See Bug 162216.  The problem was caused by an O Umlaut in a file. No problem under Windows with Cp1252, but after checking out the file on a Linux box (default encoding UTF-8), the compiler wouldn't compile the file, and the editor does not open the file. It shows an error message (Character Encoding Problems/The file is unreadable using the "UTF-8" character encoding) and allows you to set the encoding.

When this happens, you can only guess what the correct encoding is, and you have no help as to which character(s) caused this problem.  It happened to us twice in the last couple of weeks, and it is hard to figure out what's going on for the developer who uses Linux because he didn't check in that file in the first place.

Comment 9 Dani Megert

2006-10-26 09:03:41 EDT


*** This bug has been marked as a duplicate of 145754 ***

Comment 10 Dani Megert

2006-10-26 09:07:49 EDT

That's exactly what bug 145754 is about - so please leave this one closed as duplicate.

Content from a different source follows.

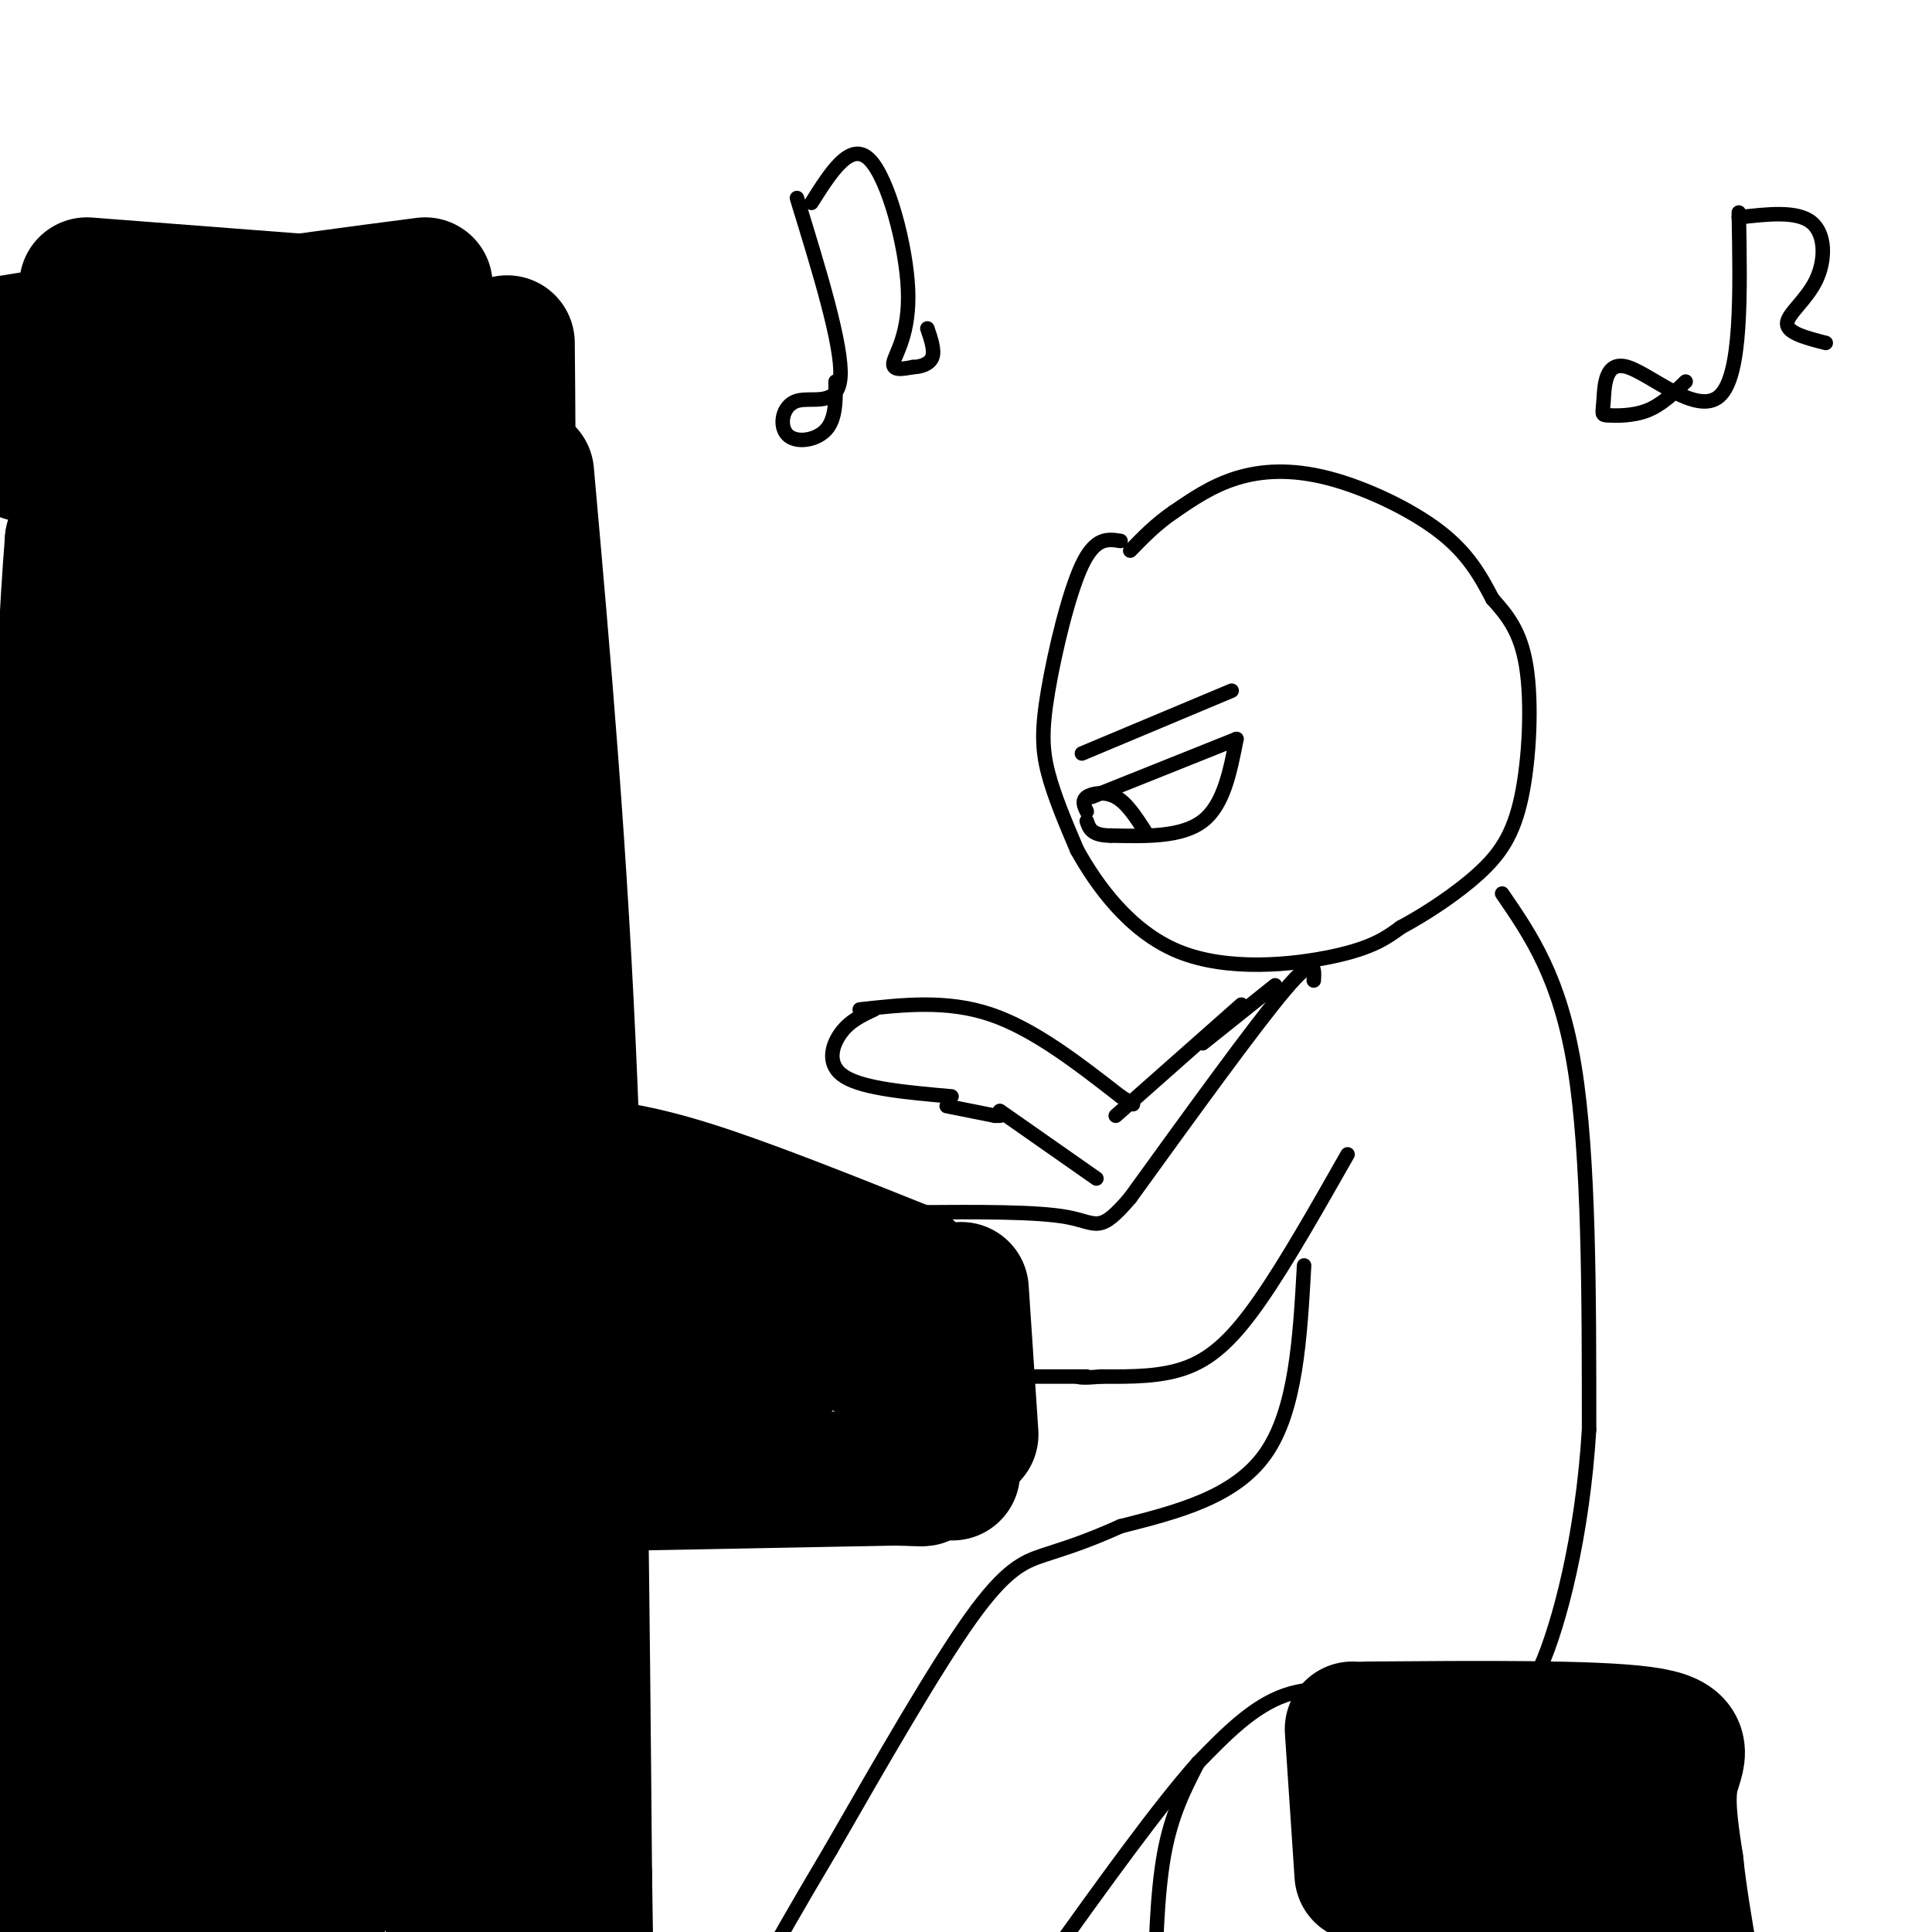 <svg viewBox='0 0 400 400' version='1.1' xmlns='http://www.w3.org/2000/svg' xmlns:xlink='http://www.w3.org/1999/xlink'><g fill='none' stroke='rgb(0,0,0)' stroke-width='28' stroke-linecap='round' stroke-linejoin='round'><path d='M66,101c0.000,0.000 3.000,289.000 3,289'/><path d='M5,94c0.000,0.000 73.000,-1.000 73,-1'/><path d='M15,88c0.000,0.000 63.000,-5.000 63,-5'/><path d='M89,83c2.600,74.400 5.200,148.800 9,192c3.800,43.200 8.800,55.200 11,68c2.200,12.800 1.600,26.400 1,40'/><path d='M110,383c0.496,12.612 1.236,24.144 0,3c-1.236,-21.144 -4.448,-74.962 -8,-104c-3.552,-29.038 -7.443,-33.297 -10,-56c-2.557,-22.703 -3.778,-63.852 -5,-105'/><path d='M87,121c-1.571,-32.083 -3.000,-59.792 -4,-34c-1.000,25.792 -1.571,105.083 1,162c2.571,56.917 8.286,91.458 14,126'/><path d='M98,375c5.095,33.512 10.833,54.292 2,9c-8.833,-45.292 -32.238,-156.655 -43,-212c-10.762,-55.345 -8.881,-54.673 -7,-54'/><path d='M50,118c-8.286,-9.429 -25.500,-6.000 -27,-5c-1.500,1.000 12.714,-0.429 14,-1c1.286,-0.571 -10.357,-0.286 -22,0'/><path d='M15,112c-4.533,55.689 -4.867,194.911 -4,258c0.867,63.089 2.933,50.044 5,37'/><path d='M18,402c-3.211,-32.810 -6.421,-65.620 -4,-100c2.421,-34.380 10.474,-70.329 13,-115c2.526,-44.671 -0.474,-98.065 -2,-86c-1.526,12.065 -1.579,89.590 1,144c2.579,54.410 7.789,85.705 13,117'/><path d='M39,362c2.845,21.155 3.458,15.542 2,-42c-1.458,-57.542 -4.988,-167.012 -5,-161c-0.012,6.012 3.494,127.506 7,249'/><path d='M44,405c0.556,-39.822 1.111,-79.644 1,-79c-0.111,0.644 -0.889,41.756 0,62c0.889,20.244 3.444,19.622 6,19'/><path d='M67,394c5.583,-16.833 11.167,-33.667 16,-31c4.833,2.667 8.917,24.833 13,47'/><path d='M97,405c0.000,0.000 -7.000,-32.000 -7,-32'/><path d='M50,177c0.178,21.689 0.356,43.378 3,76c2.644,32.622 7.756,76.178 10,92c2.244,15.822 1.622,3.911 1,-8'/><path d='M105,71c0.244,24.400 0.489,48.800 -2,66c-2.489,17.200 -7.711,27.200 -9,51c-1.289,23.800 1.356,61.400 4,99'/><path d='M98,287c1.956,30.200 4.844,56.200 6,62c1.156,5.800 0.578,-8.600 0,-23'/><path d='M109,98c3.500,39.333 7.000,78.667 9,127c2.000,48.333 2.500,105.667 3,163'/><path d='M121,388c0.500,30.167 0.250,24.083 0,18'/><path d='M19,72c36.311,-1.889 72.622,-3.778 62,-3c-10.622,0.778 -68.178,4.222 -82,4c-13.822,-0.222 16.089,-4.111 46,-8'/><path d='M45,65c14.833,-2.333 28.917,-4.167 43,-6'/><path d='M18,59c0.000,0.000 52.000,4.000 52,4'/><path d='M120,241c13.750,3.833 27.500,7.667 39,12c11.500,4.333 20.750,9.167 30,14'/><path d='M190,268c0.000,0.000 2.000,23.000 2,23'/><path d='M133,307c0.000,0.000 52.000,-1.000 52,-1'/><path d='M185,306c9.036,0.095 5.625,0.833 5,-2c-0.625,-2.833 1.536,-9.238 0,-14c-1.536,-4.762 -6.768,-7.881 -12,-11'/><path d='M178,279c-7.274,-4.592 -19.460,-10.573 -29,-14c-9.540,-3.427 -16.433,-4.300 -20,-4c-3.567,0.300 -3.806,1.773 4,6c7.806,4.227 23.659,11.208 28,14c4.341,2.792 -2.829,1.396 -10,0'/><path d='M151,281c-6.774,-0.571 -18.708,-2.000 -24,-2c-5.292,0.000 -3.940,1.429 0,3c3.940,1.571 10.470,3.286 17,5'/><path d='M195,275c0.000,0.000 2.000,27.000 2,27'/><path d='M197,302c0.333,4.667 0.167,2.833 0,1'/><path d='M199,267c0.000,0.000 2.000,30.000 2,30'/><path d='M191,269c0.000,0.000 -84.000,-11.000 -84,-11'/><path d='M118,241c6.667,0.667 13.333,1.333 25,5c11.667,3.667 28.333,10.333 45,17'/><path d='M280,358c0.000,0.000 2.000,30.000 2,30'/><path d='M283,358c23.422,-0.178 46.844,-0.356 57,1c10.156,1.356 7.044,4.244 6,9c-1.044,4.756 -0.022,11.378 1,18'/><path d='M347,386c0.667,6.333 1.833,13.167 3,20'/><path d='M289,367c0.000,0.000 2.000,36.000 2,36'/><path d='M302,371c0.000,0.000 7.000,35.000 7,35'/><path d='M310,405c0.000,0.000 3.000,-12.000 3,-12'/><path d='M321,376c3.250,11.083 6.500,22.167 8,25c1.500,2.833 1.250,-2.583 1,-8'/><path d='M336,374c0.000,0.000 -5.000,26.000 -5,26'/></g>
<g fill='none' stroke='rgb(0,0,0)' stroke-width='3' stroke-linecap='round' stroke-linejoin='round'><path d='M232,112c-2.625,-0.417 -5.250,-0.833 -8,5c-2.750,5.833 -5.625,17.917 -7,26c-1.375,8.083 -1.250,12.167 0,17c1.250,4.833 3.625,10.417 6,16'/><path d='M223,176c3.940,7.095 10.792,16.833 21,21c10.208,4.167 23.774,2.762 32,1c8.226,-1.762 11.113,-3.881 14,-6'/><path d='M290,192c5.282,-2.836 11.488,-6.925 16,-11c4.512,-4.075 7.330,-8.136 9,-16c1.670,-7.864 2.191,-19.533 1,-27c-1.191,-7.467 -4.096,-10.734 -7,-14'/><path d='M309,124c-2.442,-4.692 -5.046,-9.423 -11,-14c-5.954,-4.577 -15.257,-9.002 -23,-11c-7.743,-1.998 -13.927,-1.571 -19,0c-5.073,1.571 -9.037,4.285 -13,7'/><path d='M243,106c-3.667,2.500 -6.333,5.250 -9,8'/><path d='M226,165c0.000,0.000 30.000,-12.000 30,-12'/><path d='M256,153c-1.333,6.833 -2.667,13.667 -7,17c-4.333,3.333 -11.667,3.167 -19,3'/><path d='M230,173c-4.000,0.000 -4.500,-1.500 -5,-3'/><path d='M225,168c-0.533,-1.111 -1.067,-2.222 0,-3c1.067,-0.778 3.733,-1.222 6,0c2.267,1.222 4.133,4.111 6,7'/><path d='M272,203c0.167,-2.750 0.333,-5.500 -6,2c-6.333,7.500 -19.167,25.250 -32,43'/><path d='M234,248c-6.489,7.622 -6.711,5.178 -13,4c-6.289,-1.178 -18.644,-1.089 -31,-1'/><path d='M190,251c-6.667,-0.167 -7.833,-0.083 -9,0'/><path d='M279,239c-6.333,11.156 -12.667,22.311 -18,30c-5.333,7.689 -9.667,11.911 -15,14c-5.333,2.089 -11.667,2.044 -18,2'/><path d='M228,285c-3.833,0.333 -4.417,0.167 -5,0'/><path d='M181,209c-2.578,1.200 -5.156,2.400 -7,5c-1.844,2.600 -2.956,6.600 1,9c3.956,2.400 12.978,3.200 22,4'/><path d='M178,209c9.000,-1.000 18.000,-2.000 27,1c9.000,3.000 18.000,10.000 27,17'/><path d='M232,227c4.500,2.833 2.250,1.417 0,0'/><path d='M196,229c0.000,0.000 10.000,2.000 10,2'/><path d='M206,231c0.000,0.000 1.000,0.000 1,0'/><path d='M207,230c0.000,0.000 20.000,14.000 20,14'/><path d='M231,231c0.000,0.000 26.000,-23.000 26,-23'/><path d='M311,185c6.000,8.750 12.000,17.500 15,36c3.000,18.500 3.000,46.750 3,75'/><path d='M329,296c-1.356,22.289 -6.244,40.511 -10,49c-3.756,8.489 -6.378,7.244 -9,6'/><path d='M310,351c-4.500,1.667 -11.250,2.833 -18,4'/><path d='M270,262c-0.833,15.000 -1.667,30.000 -8,39c-6.333,9.000 -18.167,12.000 -30,15'/><path d='M232,316c-7.714,3.476 -12.000,4.667 -16,6c-4.000,1.333 -7.714,2.810 -15,13c-7.286,10.190 -18.143,29.095 -29,48'/><path d='M172,383c-7.333,12.333 -11.167,19.167 -15,26'/><path d='M288,351c-7.667,-1.167 -15.333,-2.333 -22,0c-6.667,2.333 -12.333,8.167 -18,14'/><path d='M248,365c-8.167,9.167 -19.583,25.083 -31,41'/><path d='M249,216c0.000,0.000 15.000,-12.000 15,-12'/><path d='M165,41c4.702,15.276 9.404,30.552 9,37c-0.404,6.448 -5.912,4.069 -9,5c-3.088,0.931 -3.754,5.174 -2,7c1.754,1.826 5.930,1.236 8,-1c2.070,-2.236 2.035,-6.118 2,-10'/><path d='M168,42c4.054,-6.417 8.107,-12.833 12,-9c3.893,3.833 7.625,17.917 8,27c0.375,9.083 -2.607,13.167 -3,15c-0.393,1.833 1.804,1.417 4,1'/><path d='M189,76c1.556,-0.022 3.444,-0.578 4,-2c0.556,-1.422 -0.222,-3.711 -1,-6'/><path d='M360,44c0.315,16.929 0.630,33.857 -4,38c-4.630,4.143 -14.205,-4.500 -19,-6c-4.795,-1.500 -4.811,4.144 -5,7c-0.189,2.856 -0.551,2.923 1,3c1.551,0.077 5.015,0.165 8,-1c2.985,-1.165 5.493,-3.582 8,-6'/><path d='M360,45c6.000,-0.690 12.000,-1.381 15,1c3.000,2.381 3.000,7.833 1,12c-2.000,4.167 -6.000,7.048 -6,9c0.000,1.952 4.000,2.976 8,4'/><path d='M213,285c0.000,0.000 12.000,0.000 12,0'/><path d='M248,365c-2.750,5.333 -5.500,10.667 -7,19c-1.500,8.333 -1.750,19.667 -2,31'/><path d='M224,156c0.000,0.000 31.000,-13.000 31,-13'/></g>
</svg>

Stupid question: if your team works with different platforms why don't you specify the default encoding in the project and store this in the repository? Just wondering.

Comment 11 Dani Megert

2006-10-26 09:12:20 EDT

Also note that there might be corrupt files in the repository from earlier days where we didn't warn if invalid characters got stored into a file.

Comment 12 Boris Bokowski

2006-10-26 11:08:58 EDT

(In reply to comment #10)
> That's exactly what bug 145754 is about - so please leave this one closed as
> duplicate.

Sorry about that - I must have missed the comment about the "deluxe solution" which is probably what Olivier and I are suggesting.

> Stupid question: if your team works with different platforms why don't you
> specify the default encoding in the project and store this in the repository?

Because the team was happy with 7-bit-ASCII until we started getting patches from contributors with Umlauts in their names.  :)

Comment 13 David Williams

2006-10-26 12:11:19 EDT

> 
> Because the team was happy with 7-bit-ASCII until we started getting patches
> from contributors with Umlauts in their names.  :)
> 

Yes, we in WTP ran into that as well ... and we set each project to have its default setting. We used ISO-8859-1, since that's what the Eclipse Foundation infrastructure uses on its CVS server. (Which then might require you to specify ISO-8859-1, when you build, since, I've heard, your Eclipse project build machines use UTF-8.